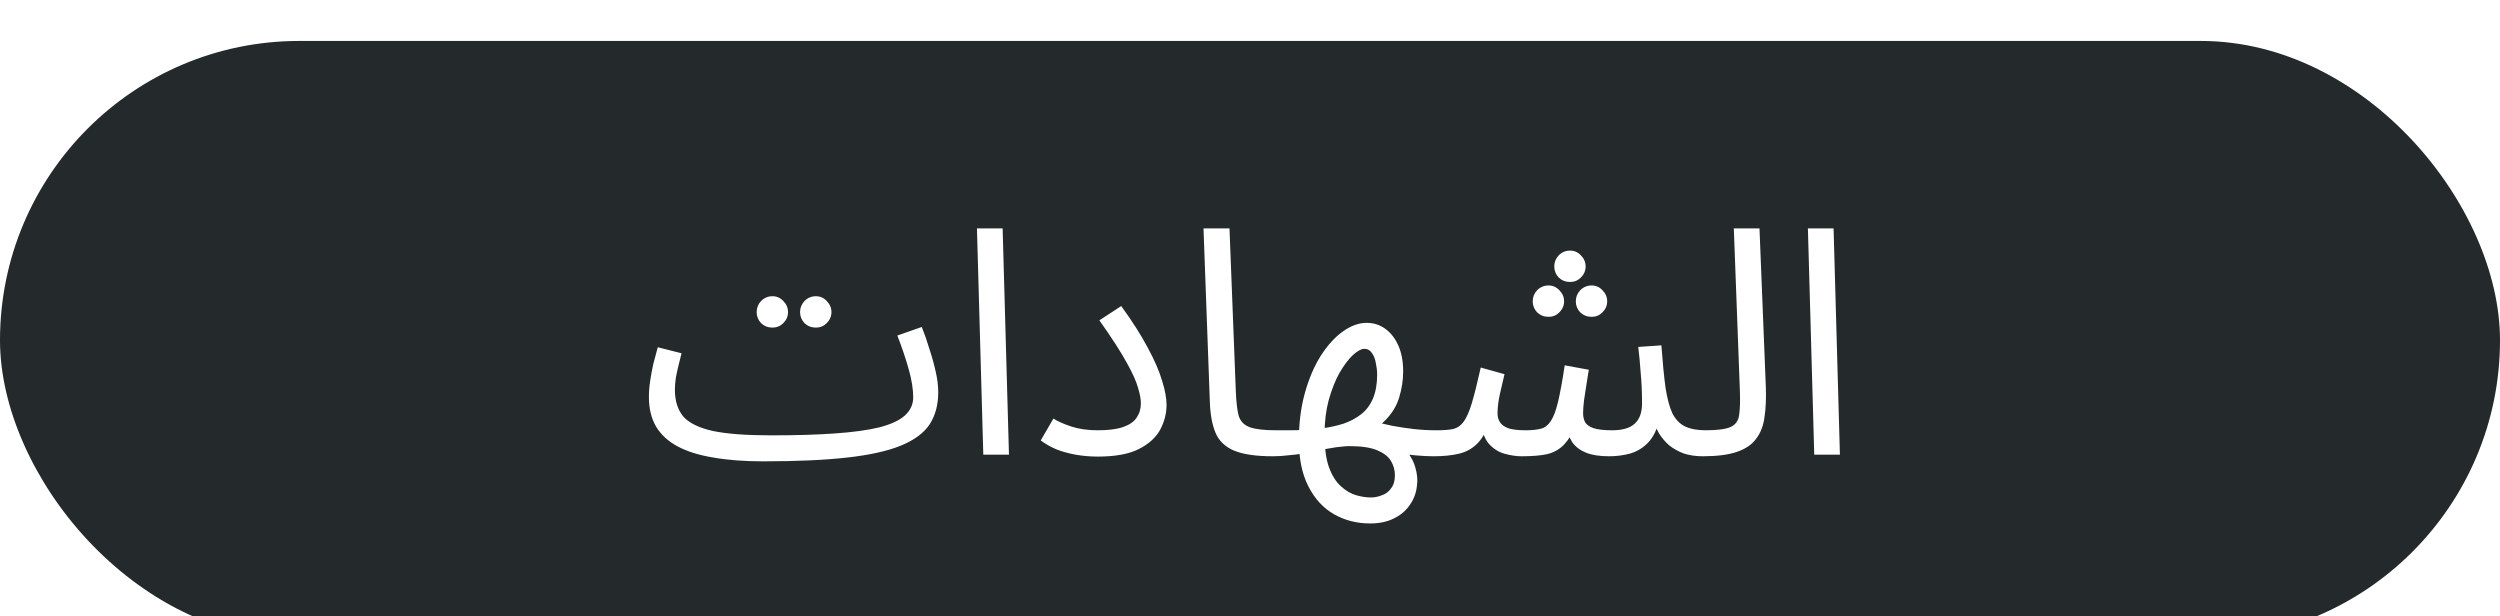 <svg width="142" height="35" viewBox="0 0 142 35" fill="none" xmlns="http://www.w3.org/2000/svg">
<g filter="url(#filter0_i_3005_70)">
<rect y="0.326" width="142" height="34" rx="17" fill="#24292B"/>
<path d="M43.338 24.204L43.806 22.728C45.21 22.728 46.416 22.692 47.424 22.62C48.444 22.548 49.278 22.434 49.926 22.278C50.586 22.11 51.072 21.888 51.384 21.612C51.708 21.324 51.87 20.976 51.87 20.568C51.87 20.112 51.786 19.584 51.618 18.984C51.45 18.384 51.234 17.742 50.97 17.058L52.356 16.572C52.512 16.956 52.656 17.37 52.788 17.814C52.932 18.246 53.052 18.678 53.148 19.11C53.244 19.53 53.292 19.92 53.292 20.28C53.292 20.988 53.13 21.594 52.806 22.098C52.482 22.59 51.942 22.992 51.186 23.304C50.43 23.616 49.41 23.844 48.126 23.988C46.854 24.132 45.258 24.204 43.338 24.204ZM43.338 24.204C42.27 24.204 41.328 24.132 40.512 23.988C39.708 23.856 39.036 23.646 38.496 23.358C37.956 23.07 37.548 22.698 37.272 22.242C36.996 21.774 36.858 21.21 36.858 20.55C36.858 20.25 36.882 19.944 36.93 19.632C36.978 19.308 37.038 18.984 37.11 18.66C37.194 18.336 37.278 18.024 37.362 17.724L38.712 18.066C38.664 18.246 38.61 18.462 38.55 18.714C38.49 18.954 38.436 19.2 38.388 19.452C38.352 19.704 38.334 19.932 38.334 20.136C38.334 20.76 38.49 21.264 38.802 21.648C39.126 22.02 39.684 22.296 40.476 22.476C41.268 22.644 42.378 22.728 43.806 22.728L44.166 23.628L43.338 24.204ZM46.344 16.608C46.092 16.608 45.876 16.524 45.696 16.356C45.528 16.176 45.444 15.966 45.444 15.726C45.444 15.486 45.528 15.276 45.696 15.096C45.876 14.916 46.092 14.826 46.344 14.826C46.584 14.826 46.788 14.916 46.956 15.096C47.136 15.276 47.226 15.486 47.226 15.726C47.226 15.966 47.136 16.176 46.956 16.356C46.788 16.524 46.584 16.608 46.344 16.608ZM43.878 16.608C43.626 16.608 43.41 16.524 43.23 16.356C43.062 16.176 42.978 15.966 42.978 15.726C42.978 15.486 43.062 15.276 43.23 15.096C43.41 14.916 43.626 14.826 43.878 14.826C44.118 14.826 44.322 14.916 44.49 15.096C44.67 15.276 44.76 15.486 44.76 15.726C44.76 15.966 44.67 16.176 44.49 16.356C44.322 16.524 44.118 16.608 43.878 16.608ZM55.851 23.826L55.491 10.974H56.949L57.309 23.826H55.851ZM59.114 23.016L59.834 21.774C60.074 21.93 60.41 22.08 60.842 22.224C61.274 22.368 61.778 22.44 62.354 22.44C62.954 22.44 63.428 22.38 63.776 22.26C64.136 22.14 64.394 21.966 64.55 21.738C64.718 21.498 64.802 21.222 64.802 20.91C64.802 20.67 64.748 20.376 64.64 20.028C64.544 19.668 64.328 19.188 63.992 18.588C63.656 17.976 63.14 17.178 62.444 16.194L63.686 15.384C64.322 16.26 64.826 17.052 65.198 17.76C65.582 18.468 65.852 19.092 66.008 19.632C66.176 20.16 66.26 20.616 66.26 21C66.26 21.48 66.14 21.948 65.9 22.404C65.66 22.848 65.258 23.214 64.694 23.502C64.13 23.79 63.35 23.934 62.354 23.934C61.922 23.934 61.502 23.898 61.094 23.826C60.698 23.754 60.332 23.652 59.996 23.52C59.66 23.376 59.366 23.208 59.114 23.016ZM72.3 23.916C71.341 23.916 70.603 23.808 70.087 23.592C69.582 23.376 69.234 23.04 69.043 22.584C68.85 22.128 68.743 21.54 68.719 20.82L68.359 10.974H69.835L70.195 20.244C70.219 20.832 70.272 21.288 70.356 21.612C70.453 21.924 70.656 22.14 70.969 22.26C71.293 22.38 71.796 22.44 72.481 22.44C72.733 22.44 72.912 22.512 73.02 22.656C73.141 22.788 73.201 22.95 73.201 23.142C73.201 23.334 73.117 23.514 72.948 23.682C72.781 23.838 72.564 23.916 72.3 23.916ZM77.827 27.732C77.071 27.732 76.387 27.558 75.775 27.21C75.163 26.862 74.677 26.334 74.317 25.626C73.957 24.93 73.777 24.054 73.777 22.998C73.777 22.026 73.891 21.132 74.119 20.316C74.347 19.5 74.647 18.798 75.019 18.21C75.403 17.61 75.823 17.148 76.279 16.824C76.735 16.5 77.185 16.338 77.629 16.338C78.025 16.338 78.379 16.452 78.691 16.68C79.003 16.908 79.249 17.226 79.429 17.634C79.609 18.042 79.699 18.528 79.699 19.092C79.699 19.596 79.621 20.1 79.465 20.604C79.309 21.108 79.015 21.564 78.583 21.972C78.163 22.38 77.557 22.692 76.765 22.908L77.935 21.918C78.319 22.014 78.703 22.104 79.087 22.188C79.483 22.26 79.885 22.32 80.293 22.368C80.713 22.416 81.151 22.44 81.607 22.44C81.859 22.44 82.039 22.512 82.147 22.656C82.267 22.788 82.327 22.95 82.327 23.142C82.327 23.334 82.243 23.514 82.075 23.682C81.907 23.838 81.691 23.916 81.427 23.916C81.103 23.916 80.755 23.898 80.383 23.862C80.011 23.826 79.639 23.784 79.267 23.736C78.895 23.676 78.541 23.61 78.205 23.538L79.771 23.484C80.071 23.808 80.275 24.156 80.383 24.528C80.503 24.912 80.533 25.29 80.473 25.662C80.425 26.046 80.287 26.394 80.059 26.706C79.843 27.018 79.549 27.264 79.177 27.444C78.805 27.636 78.355 27.732 77.827 27.732ZM72.301 23.916L72.481 22.44C72.733 22.44 72.985 22.44 73.237 22.44C73.489 22.44 73.729 22.434 73.957 22.422L74.029 23.754C73.753 23.802 73.465 23.838 73.165 23.862C72.877 23.898 72.589 23.916 72.301 23.916ZM77.863 26.256C78.079 26.256 78.289 26.214 78.493 26.13C78.709 26.058 78.883 25.926 79.015 25.734C79.159 25.554 79.231 25.308 79.231 24.996C79.231 24.696 79.153 24.42 78.997 24.168C78.853 23.928 78.595 23.73 78.223 23.574C77.851 23.418 77.323 23.34 76.639 23.34C76.495 23.34 76.333 23.352 76.153 23.376C75.985 23.388 75.811 23.412 75.631 23.448C75.451 23.472 75.265 23.508 75.073 23.556V22.332C75.529 22.272 75.943 22.182 76.315 22.062C76.699 21.93 77.035 21.75 77.323 21.522C77.611 21.294 77.833 20.994 77.989 20.622C78.145 20.25 78.223 19.794 78.223 19.254C78.223 19.074 78.199 18.87 78.151 18.642C78.115 18.414 78.043 18.222 77.935 18.066C77.827 17.898 77.683 17.814 77.503 17.814C77.323 17.814 77.101 17.934 76.837 18.174C76.585 18.414 76.333 18.75 76.081 19.182C75.841 19.614 75.637 20.13 75.469 20.73C75.313 21.318 75.235 21.966 75.235 22.674C75.235 23.454 75.319 24.078 75.487 24.546C75.667 25.026 75.895 25.386 76.171 25.626C76.447 25.878 76.735 26.046 77.035 26.13C77.335 26.214 77.611 26.256 77.863 26.256ZM81.424 23.916L81.604 22.44C81.988 22.44 82.3 22.416 82.54 22.368C82.78 22.308 82.978 22.17 83.134 21.954C83.302 21.726 83.458 21.372 83.602 20.892C83.746 20.412 83.914 19.74 84.106 18.876L85.456 19.254C85.384 19.554 85.3 19.914 85.204 20.334C85.108 20.754 85.06 21.138 85.06 21.486C85.06 21.678 85.108 21.846 85.204 21.99C85.3 22.134 85.462 22.248 85.69 22.332C85.93 22.404 86.248 22.44 86.644 22.44C87.004 22.44 87.298 22.41 87.526 22.35C87.754 22.29 87.94 22.146 88.084 21.918C88.24 21.69 88.378 21.324 88.498 20.82C88.618 20.316 88.744 19.626 88.876 18.75L90.244 19.002C90.208 19.218 90.166 19.482 90.118 19.794C90.07 20.106 90.022 20.418 89.974 20.73C89.938 21.03 89.92 21.282 89.92 21.486C89.92 21.654 89.956 21.816 90.028 21.972C90.112 22.116 90.268 22.23 90.496 22.314C90.736 22.398 91.09 22.44 91.558 22.44C92.158 22.44 92.59 22.314 92.854 22.062C93.13 21.81 93.268 21.426 93.268 20.91C93.268 20.634 93.262 20.346 93.25 20.046C93.238 19.734 93.214 19.392 93.178 19.02C93.154 18.636 93.112 18.198 93.052 17.706L94.366 17.616C94.438 18.588 94.516 19.386 94.6 20.01C94.696 20.634 94.828 21.126 94.996 21.486C95.176 21.834 95.416 22.08 95.716 22.224C96.016 22.368 96.412 22.44 96.904 22.44C97.156 22.44 97.336 22.512 97.444 22.656C97.564 22.788 97.624 22.95 97.624 23.142C97.624 23.334 97.54 23.514 97.372 23.682C97.204 23.838 96.988 23.916 96.724 23.916C96.316 23.916 95.95 23.862 95.626 23.754C95.314 23.634 95.038 23.478 94.798 23.286C94.57 23.082 94.378 22.854 94.222 22.602C94.078 22.338 93.976 22.062 93.916 21.774L94.24 21.882C94.108 22.422 93.898 22.842 93.61 23.142C93.334 23.43 93.004 23.634 92.62 23.754C92.236 23.862 91.828 23.916 91.396 23.916C90.868 23.916 90.436 23.85 90.1 23.718C89.764 23.586 89.5 23.388 89.308 23.124C89.128 22.848 89.008 22.5 88.948 22.08H89.56C89.332 22.596 89.092 22.986 88.84 23.25C88.588 23.514 88.276 23.694 87.904 23.79C87.532 23.874 87.04 23.916 86.428 23.916C86.128 23.916 85.804 23.868 85.456 23.772C85.12 23.676 84.826 23.49 84.574 23.214C84.322 22.926 84.172 22.5 84.124 21.936L84.664 21.828C84.46 22.44 84.208 22.896 83.908 23.196C83.62 23.484 83.272 23.676 82.864 23.772C82.456 23.868 81.976 23.916 81.424 23.916ZM89.182 14.016C88.93 14.016 88.714 13.932 88.534 13.764C88.366 13.584 88.282 13.374 88.282 13.134C88.282 12.894 88.366 12.684 88.534 12.504C88.714 12.324 88.93 12.234 89.182 12.234C89.422 12.234 89.626 12.324 89.794 12.504C89.974 12.684 90.064 12.894 90.064 13.134C90.064 13.374 89.974 13.584 89.794 13.764C89.626 13.932 89.422 14.016 89.182 14.016ZM87.958 15.996C87.706 15.996 87.49 15.912 87.31 15.744C87.142 15.564 87.058 15.354 87.058 15.114C87.058 14.874 87.142 14.664 87.31 14.484C87.49 14.304 87.706 14.214 87.958 14.214C88.198 14.214 88.402 14.304 88.57 14.484C88.75 14.664 88.84 14.874 88.84 15.114C88.84 15.354 88.75 15.564 88.57 15.744C88.402 15.912 88.198 15.996 87.958 15.996ZM90.406 15.996C90.154 15.996 89.938 15.912 89.758 15.744C89.59 15.564 89.506 15.354 89.506 15.114C89.506 14.874 89.59 14.664 89.758 14.484C89.938 14.304 90.154 14.214 90.406 14.214C90.646 14.214 90.85 14.304 91.018 14.484C91.198 14.664 91.288 14.874 91.288 15.114C91.288 15.354 91.198 15.564 91.018 15.744C90.85 15.912 90.646 15.996 90.406 15.996ZM96.717 23.916L96.879 22.44C97.563 22.44 98.043 22.374 98.319 22.242C98.595 22.11 98.751 21.876 98.787 21.54C98.835 21.204 98.847 20.736 98.823 20.136L98.481 10.974H99.939L100.299 19.974C100.323 20.61 100.299 21.174 100.227 21.666C100.167 22.158 100.011 22.572 99.759 22.908C99.519 23.244 99.153 23.496 98.661 23.664C98.181 23.832 97.533 23.916 96.717 23.916ZM103.049 23.826L102.689 10.974H104.147L104.507 23.826H103.049Z" fill="white"/>
</g>
<defs>
<filter id="filter0_i_3005_70" x="0" y="0.326" width="142" height="36" filterUnits="userSpaceOnUse" color-interpolation-filters="sRGB">
<feFlood flood-opacity="0" result="BackgroundImageFix"/>
<feBlend mode="normal" in="SourceGraphic" in2="BackgroundImageFix" result="shape"/>
<feColorMatrix in="SourceAlpha" type="matrix" values="0 0 0 0 0 0 0 0 0 0 0 0 0 0 0 0 0 0 127 0" result="hardAlpha"/>
<feOffset dy="2"/>
<feGaussianBlur stdDeviation="13"/>
<feComposite in2="hardAlpha" operator="arithmetic" k2="-1" k3="1"/>
<feColorMatrix type="matrix" values="0 0 0 0 0.851 0 0 0 0 0.745 0 0 0 0 0.443 0 0 0 0.34 0"/>
<feBlend mode="normal" in2="shape" result="effect1_innerShadow_3005_70"/>
</filter>
</defs>
</svg>

## Task brief:
Search the entries for the word "hardAlpha". Copy each line where it appears.

## Output for this exercise:
<feColorMatrix in="SourceAlpha" type="matrix" values="0 0 0 0 0 0 0 0 0 0 0 0 0 0 0 0 0 0 127 0" result="hardAlpha"/>
<feComposite in2="hardAlpha" operator="arithmetic" k2="-1" k3="1"/>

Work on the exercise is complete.